- TASK DIRECTIONS -
Skip the pictures. Quote every line below, exactly, from the one with "longitude: 25.3658" through the final line.

- ENTRIES PROVIDED -

»»

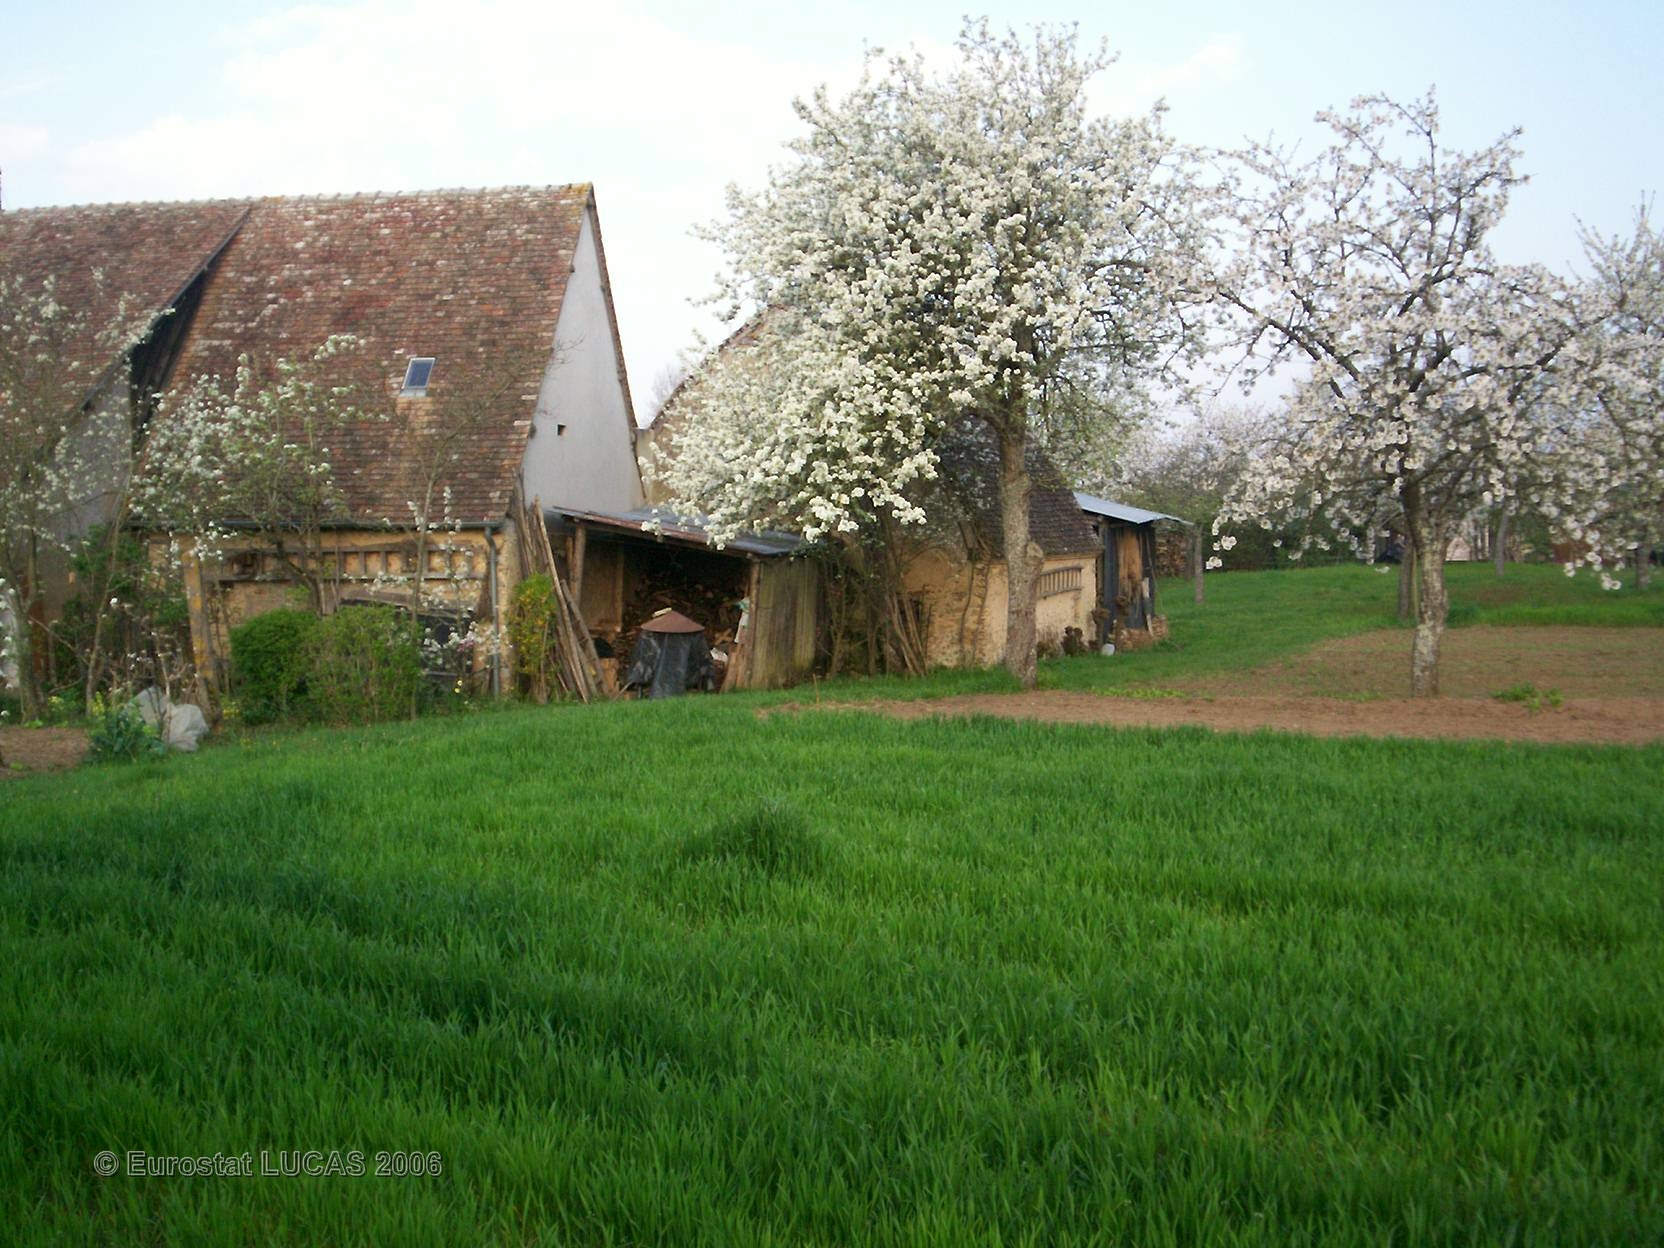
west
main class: Cropland
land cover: Common wheat
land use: Agriculture (excluding fallow land and kitchen gardens)
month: April
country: FR
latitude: 48.1449
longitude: 0.3653
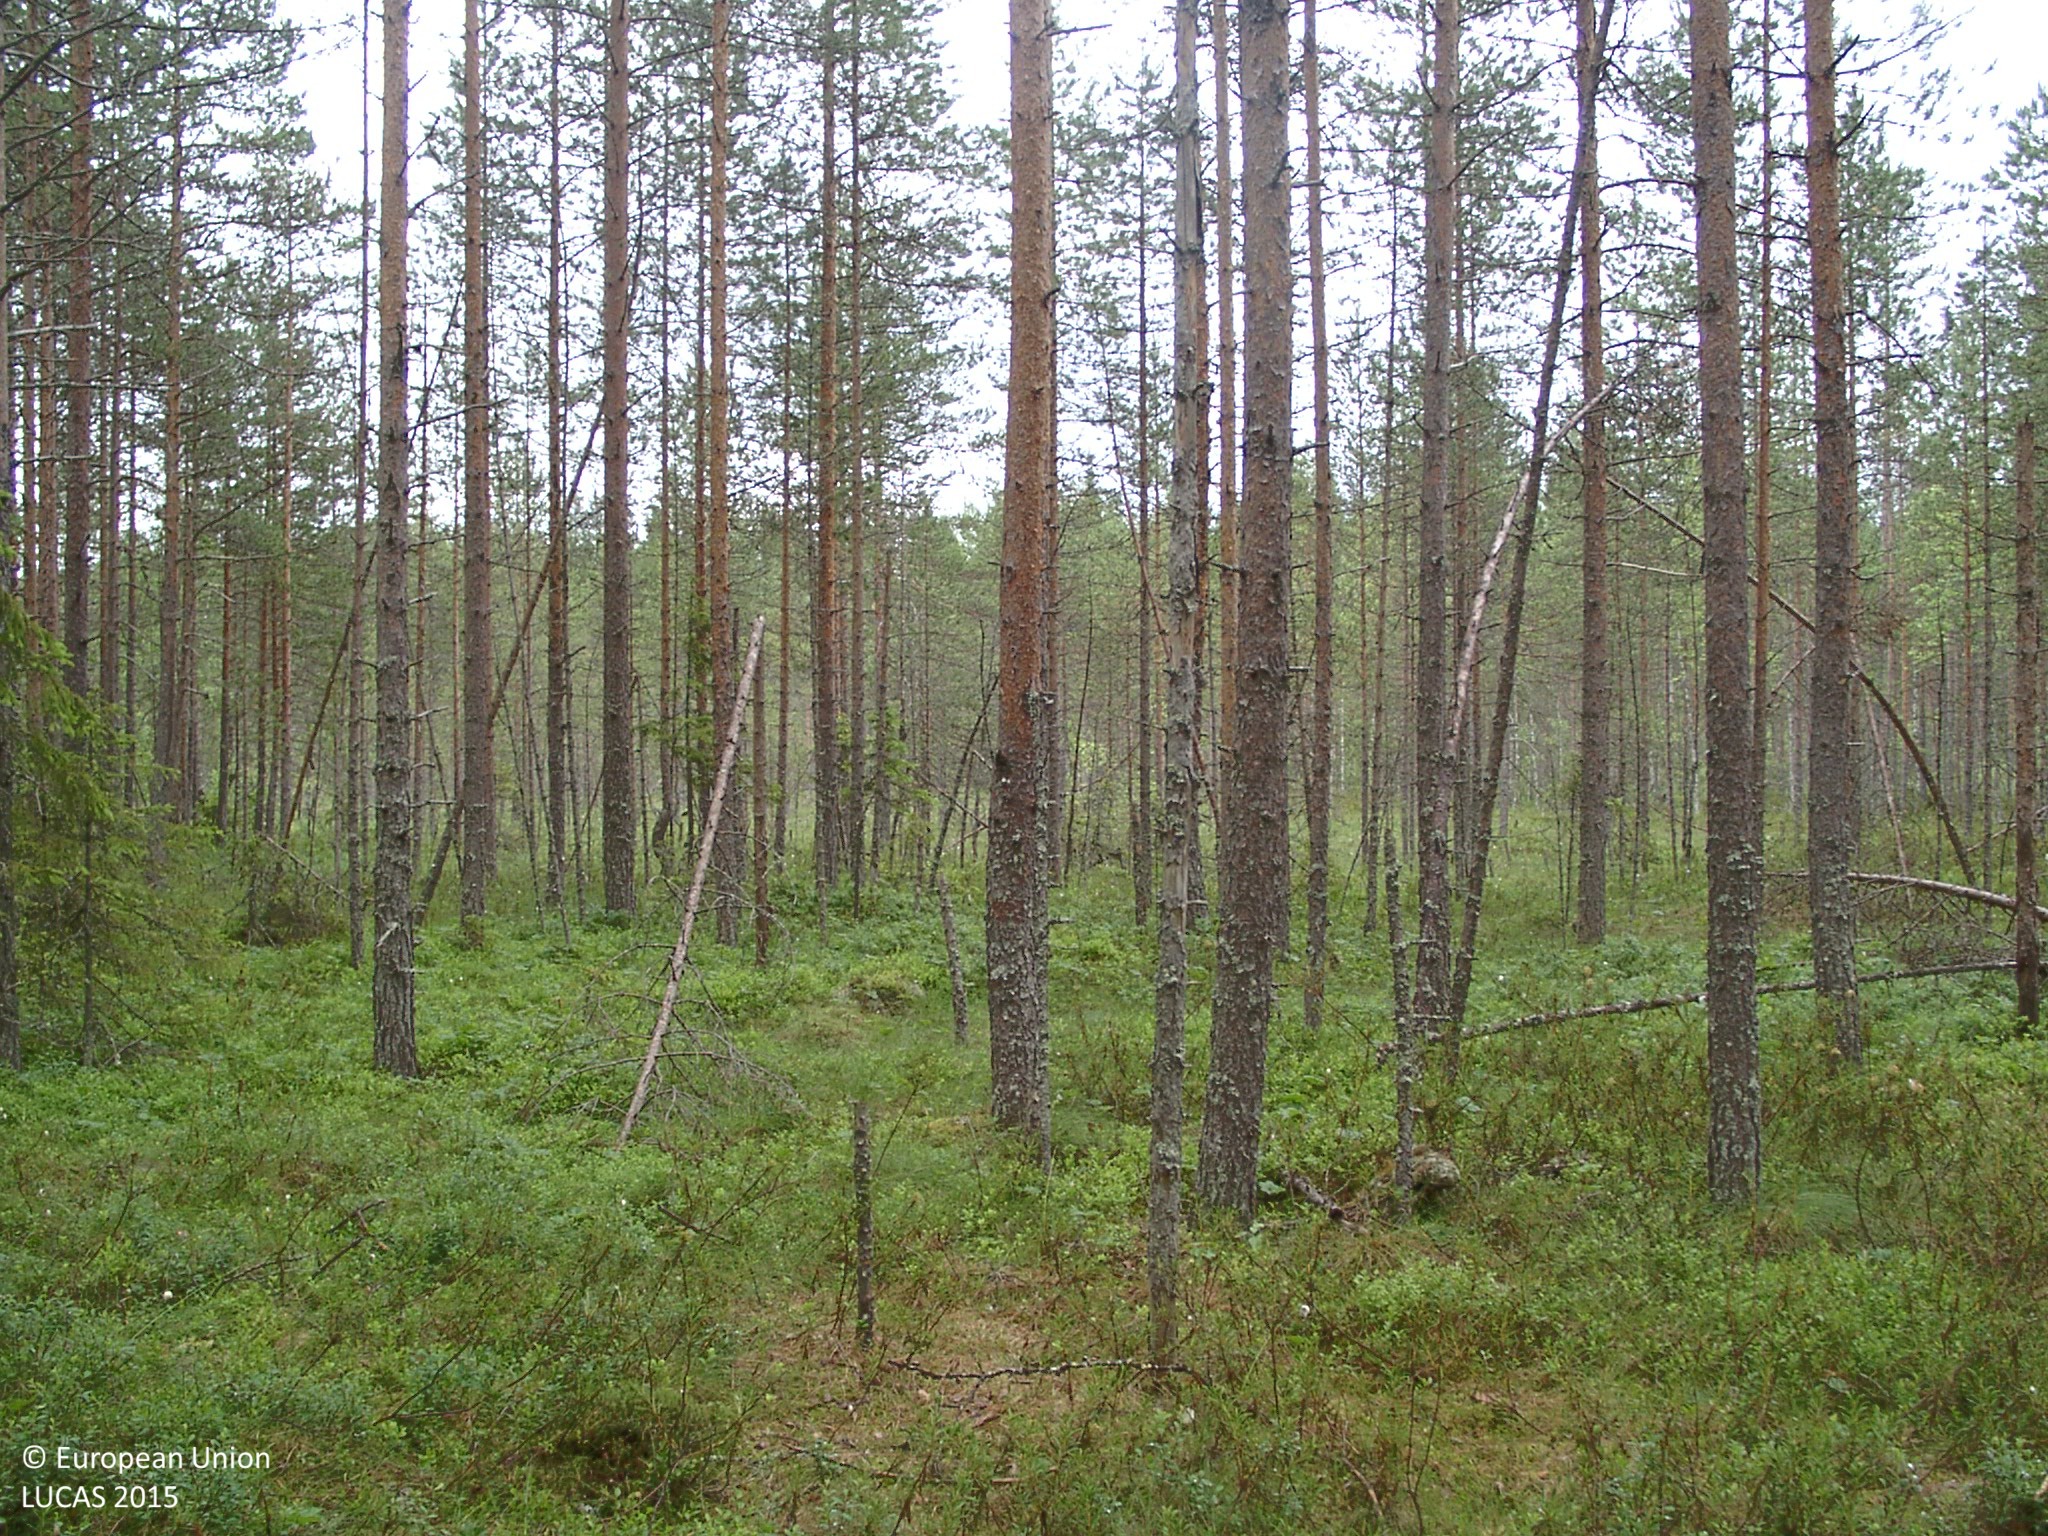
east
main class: Woodland
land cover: Other mixed woodland
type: boreal forest
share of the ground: > 75 %
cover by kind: coniferous forest trees 50 %, broadleaved forest trees 25 %, shrubs 10 %, lichens and mosses 10 %, herbaceous plants 5 %
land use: Semi-natural and natural areas not in use
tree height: > 5 m
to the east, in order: Pine dominated coniferous woodland; Ditches and canals; Pine dominated coniferous woodland; Ditches and canals; Pine dominated mixed woodland; Ditches and canals; Other coniferous woodland; Other mixed woodland; Spruce dominated mixed woodland
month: July
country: FI
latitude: 62.1484
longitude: 25.3658
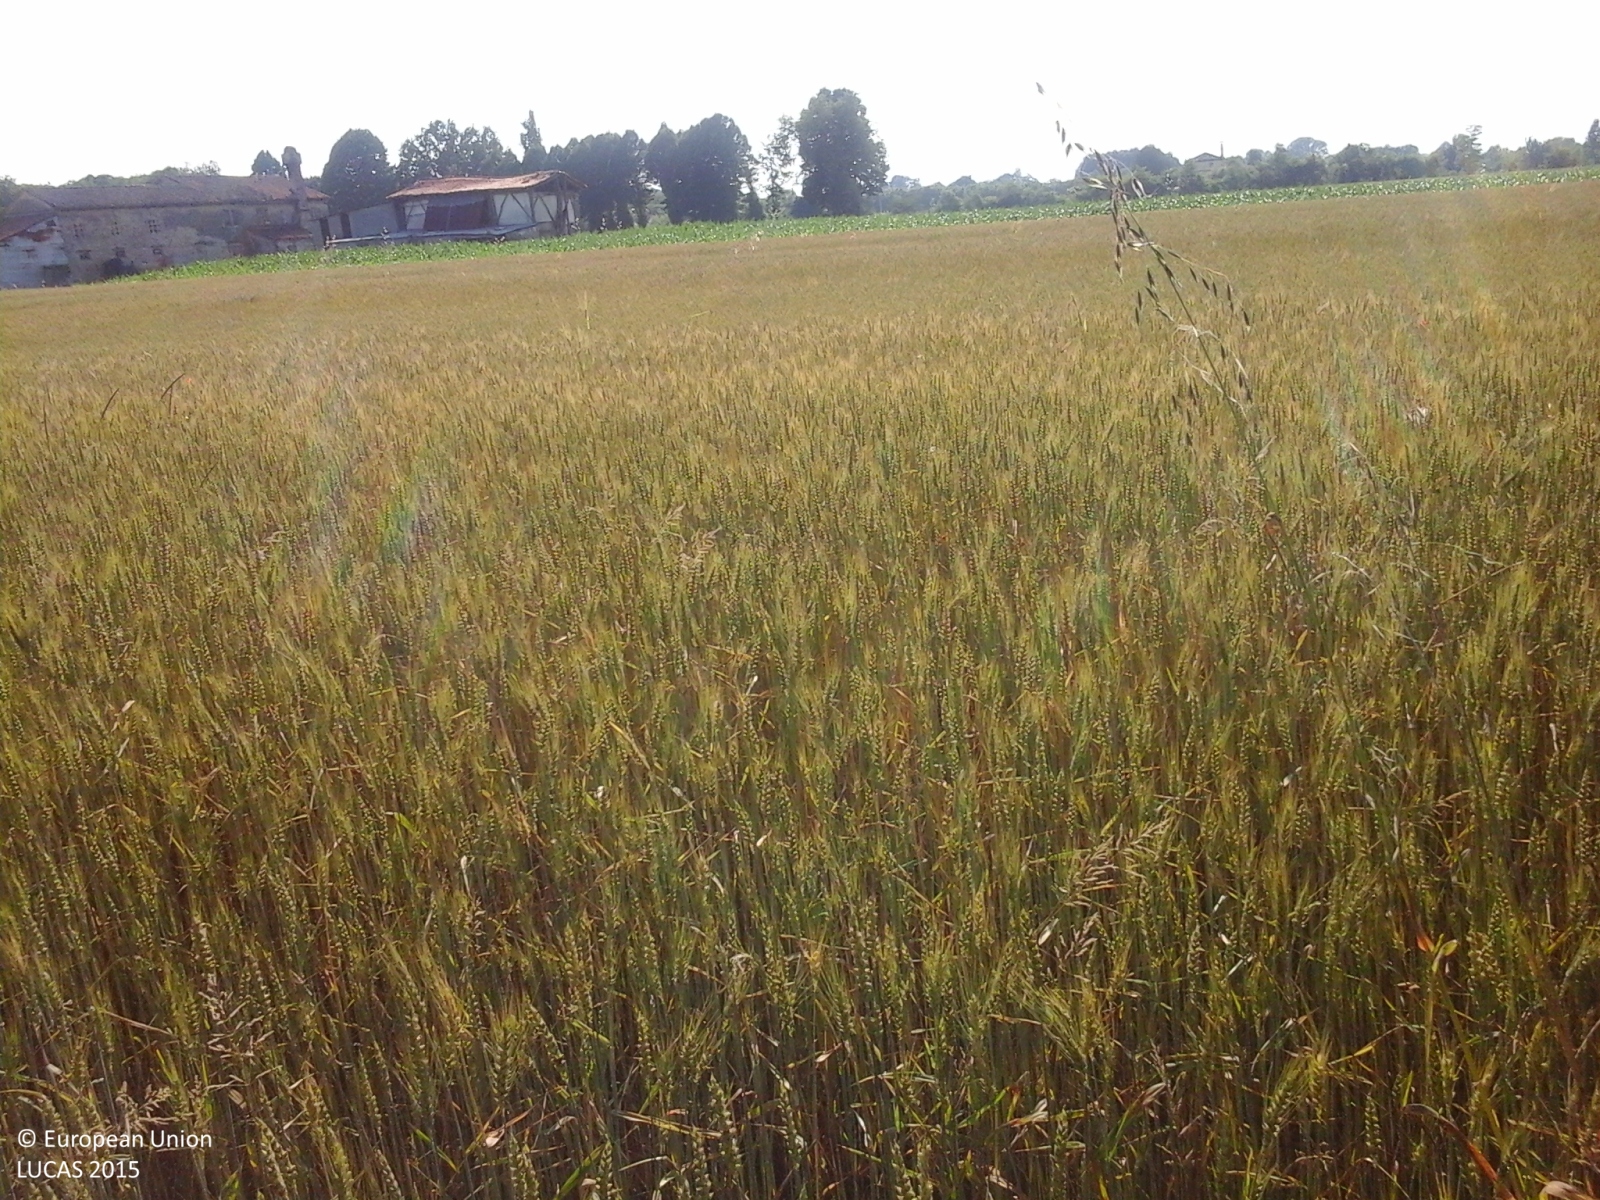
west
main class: Cropland
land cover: Common wheat
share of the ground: > 75 %
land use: Agriculture (excluding fallow land and kitchen gardens)
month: June
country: IT
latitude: 45.6052
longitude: 12.3172

««

- REPLY TO THE EXERCISE -
longitude: 25.3658
west
main class: Cropland
land cover: Common wheat
share of the ground: > 75 %
land use: Agriculture (excluding fallow land and kitchen gardens)
month: June
country: IT
latitude: 45.6052
longitude: 12.3172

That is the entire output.